The company said that market share for its heat-not-burn device IQOS, excluding the U.S., is up 1.7 points to 7.6%. Sales of smoke-free products accounted for 28% of total revenue in the quarter. While shipments of traditional cigarettes were down 7.3%, heated-tobacco unit shipment volumes jumped nearly 39%, to 21.7 billion units.

CFO Emmanuel Babeau spoke with Barron’s following the results, saying that “underlying trends are incredibly strong.” Adjusted EPS were at an all-time high in the quarter, and while investors can still expect some volatility from the Covid-19 pandemic and investments the company is making, overall, he says, the report is another step on the company’s “ambitious journey…to put an end to combustible cigarettes.”

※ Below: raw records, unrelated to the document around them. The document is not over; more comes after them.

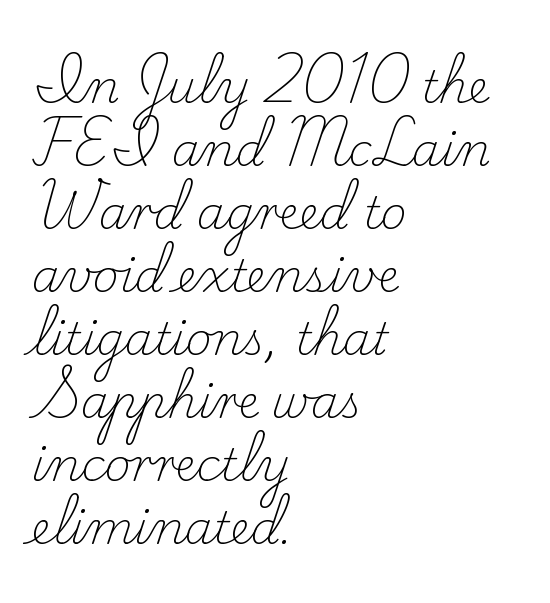
Q: Is the text bold? A: No.
Q: Is the text italic (slanted)? A: Yes.
Q: Is the typeface a serif or a sans-serif typeface? A: Serif.
Q: Is the text underlined? A: No.
Q: How is the paragraph aligned? A: Left-aligned.
Q: Is the spacing between letters normal or unusually wide? A: Normal.
Q: Is the spacing between lines tight, normal or loose? A: Normal.
Q: Width (condensed, normal, or wide)? A: Normal.
Q: Stroke contrast? A: Low.
Q: x-height? A: Small.
Q: Monospaced? A: No.
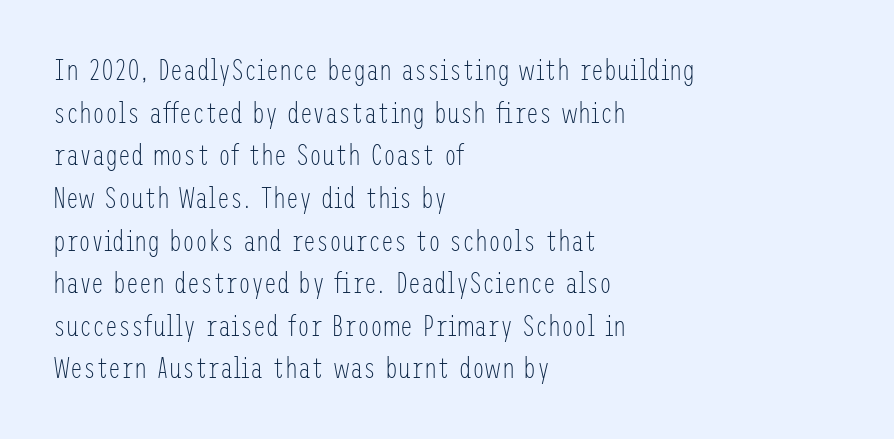
The image shows 29 px light, condensed sans-serif type, upright; set left-aligned, normal line spacing (1.47x), normal letter spacing, not underlined; low stroke contrast and a medium x-height.
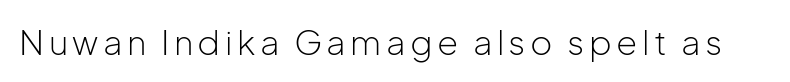
The image shows 34 px light sans-serif type, upright; set not underlined; low stroke contrast and a medium x-height.
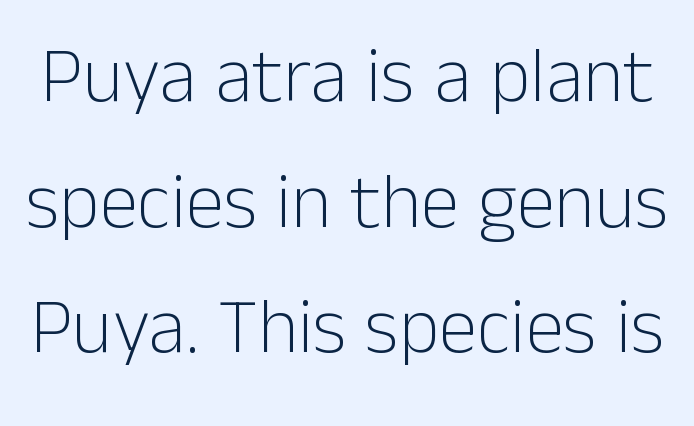
Q: Is the text bold? A: No.
Q: Is the text italic (slanted)? A: No, it is upright.
Q: Is the typeface a serif or a sans-serif typeface? A: Sans-serif.
Q: Is the text underlined? A: No.
Q: Is the spacing between letters normal or unusually wide? A: Normal.
Q: Is the spacing between lines tight, normal or loose? A: Normal.
Q: Width (condensed, normal, or wide)? A: Normal.
Q: Stroke contrast? A: Low.
Q: x-height? A: Medium.
Q: Monospaced? A: No.
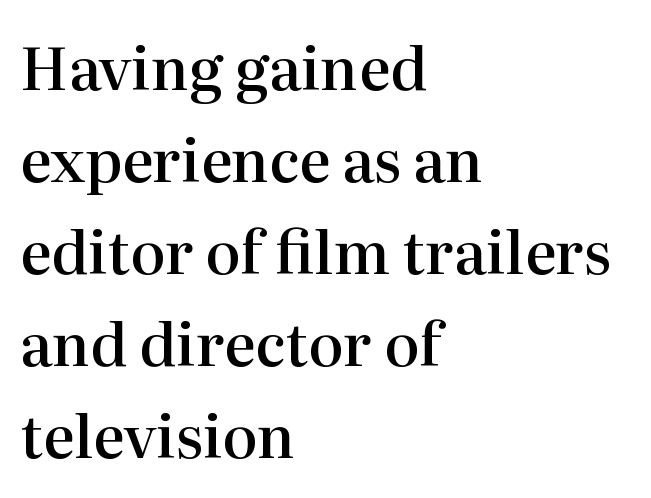
Heft: intermediate — a semibold. A typesetter would call this proportional, since set widths differ per character. Font category for this specimen: serif. Honestly, the row spacing looks completely unremarkable. Compared with a centered layout, this one pins lines to the left instead.
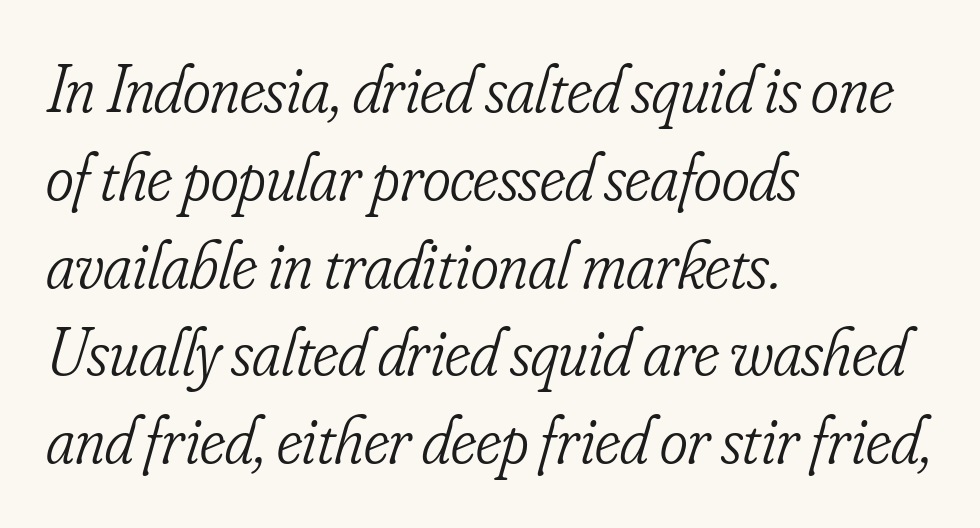
The image shows 67 px light, condensed serif type, italic (leaning right); set left-aligned, normal line spacing (1.31x), normal letter spacing, not underlined; low stroke contrast and a small x-height.
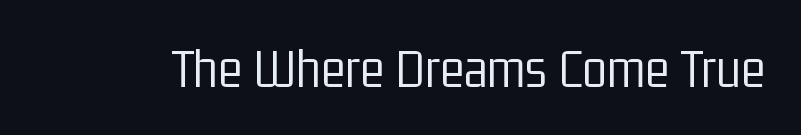
Q: Is the text bold? A: No.
Q: Is the text italic (slanted)? A: No, it is upright.
Q: Is the typeface a serif or a sans-serif typeface? A: Sans-serif.
Q: Is the text underlined? A: No.
Q: Is the spacing between letters normal or unusually wide? A: Normal.
Q: Width (condensed, normal, or wide)? A: Condensed.
Q: Stroke contrast? A: Low.
Q: x-height? A: Medium.
Q: Monospaced? A: No.

The report is the first since the company’s analyst day in February, and he calls it a “nice illustration” of the continuing trends it anticipated. The company hopes to be a predominantly smoke-free company by revenue by 2025, “and when your name is Philip Morris, it’s quite a tribute to what we intend to do,” Babeau says. He notes that the company’s portfolio of these products are closing in on nearly 30% of total sales, up from less than 22% a year ago, notching “remarkable growth.”

As for reports that the U.S. government may plan to require a reduction in nicotine levels in cigarettes, which is weighing on Altria (MO) today, Babeau highlights that these plans haven’t been confirmed by the White House. He says that Philip Morris is a strong supporter of the Food and Drug Administration’s target of reducing combustible cigarette consumption, and that the goal dovetails with the company’s own—to move people to reduced-risk products. The agency approved the marketing of IQOS as a modified-risk tobacco product last summer.

He also warns that reducing nicotine too drastically and too quickly could have unintended side effects, including bolstering the illicit trade of cigarettes or people smoking a higher number of cigarettes to achieve the same nicotine content.

Philip Morris stock is up 2.8%, at $94.27, in recent trading, while Altria is down 3.4%, at $47.40, and the

S&P 500

is down 0.8%. Philip Morris shares have gained 14% year to date and are up 30% in the past year.